New Technology Identifies Which Online Ads Linger

Bottom Line: A new realtime ad measurement system verifies which online ads have actually been looked at - as opposed to the current "opportunity to see" yardstick.


MediaPost.com reports the emergence of a promising new research technology that could raise the bar for measuring online ad-viewing which distinguishes between the current measurement paradigm "opportunity to see" and "actually seen". The technology, branded Sticky, centres on state-of-the-art eye-tracking technology that uses consumers' eye movements to verify which ads they have looked at. Claims Sticky's president Jeff Bander ...

[Estimated timeframe: Q2 2013 onward]

... “fifty percent of all ad impressions are never seen.”
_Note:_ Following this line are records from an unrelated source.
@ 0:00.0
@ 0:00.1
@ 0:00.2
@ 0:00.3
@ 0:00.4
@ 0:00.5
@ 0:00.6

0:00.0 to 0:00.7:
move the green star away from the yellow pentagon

Bander, who recently won the Advertising Research Foundation’s Great Mind Award for helping to develop the innovative media tracking technology, cites the aphorism coined by William Lever, the founder of Unilever: "Half the money I spend on advertising is wasted. The trouble is, I don't know which half."

“Now,” says Bander, “we know which half.”
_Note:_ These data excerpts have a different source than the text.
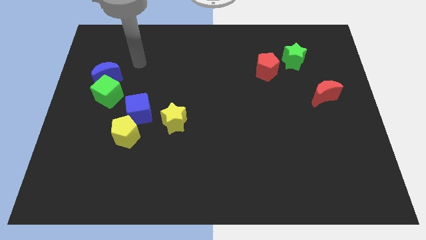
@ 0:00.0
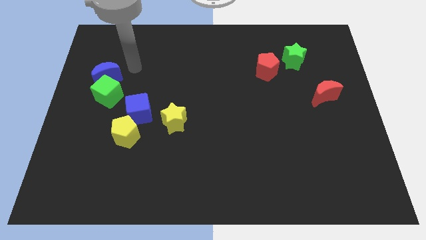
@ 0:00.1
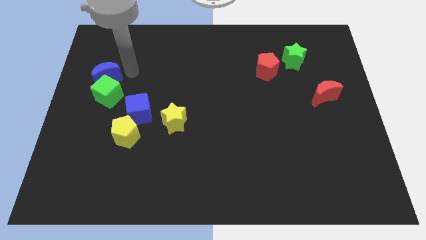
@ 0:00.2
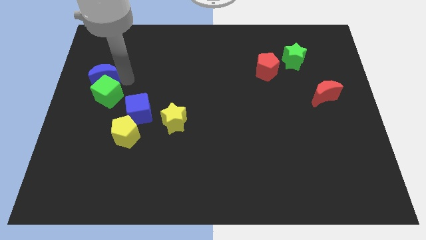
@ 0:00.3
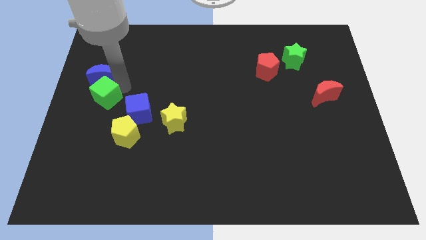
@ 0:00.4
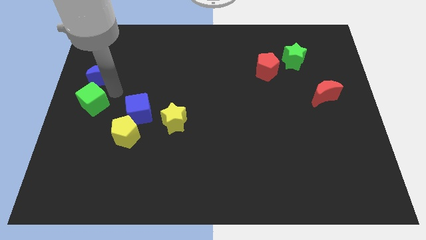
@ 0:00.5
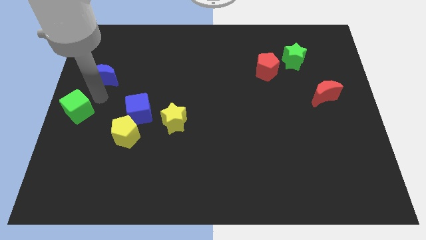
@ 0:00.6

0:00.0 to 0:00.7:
separate the blue moon from the green cube

Utilizing the webcams built into consumers' own computers and handheld devices, Bander says Sticky has already tracked ads actually seen, or not, among 350,000 consumers.

That figure approximates to 700,000 eyeballs, creating a new form of media currency that some of the biggest advertisers in the world - among them Procter & Gamble - have already begun to use.

Madison Avenue is pushing the online industry to adopt a new standard of “viewability” for advertising exposure, meaning an ad has to be viewable on a consumer’s screen -- not “below-the-fold” -- for at least one second to be credited as an ad exposure. Fifty percent of impressions are never seen.

“Viewability is nice, but viewability just means that an ad is within the viewable area of a screen,” notes Bander, adding: “It doesn’t mean a consumer is actually looking at your ad.”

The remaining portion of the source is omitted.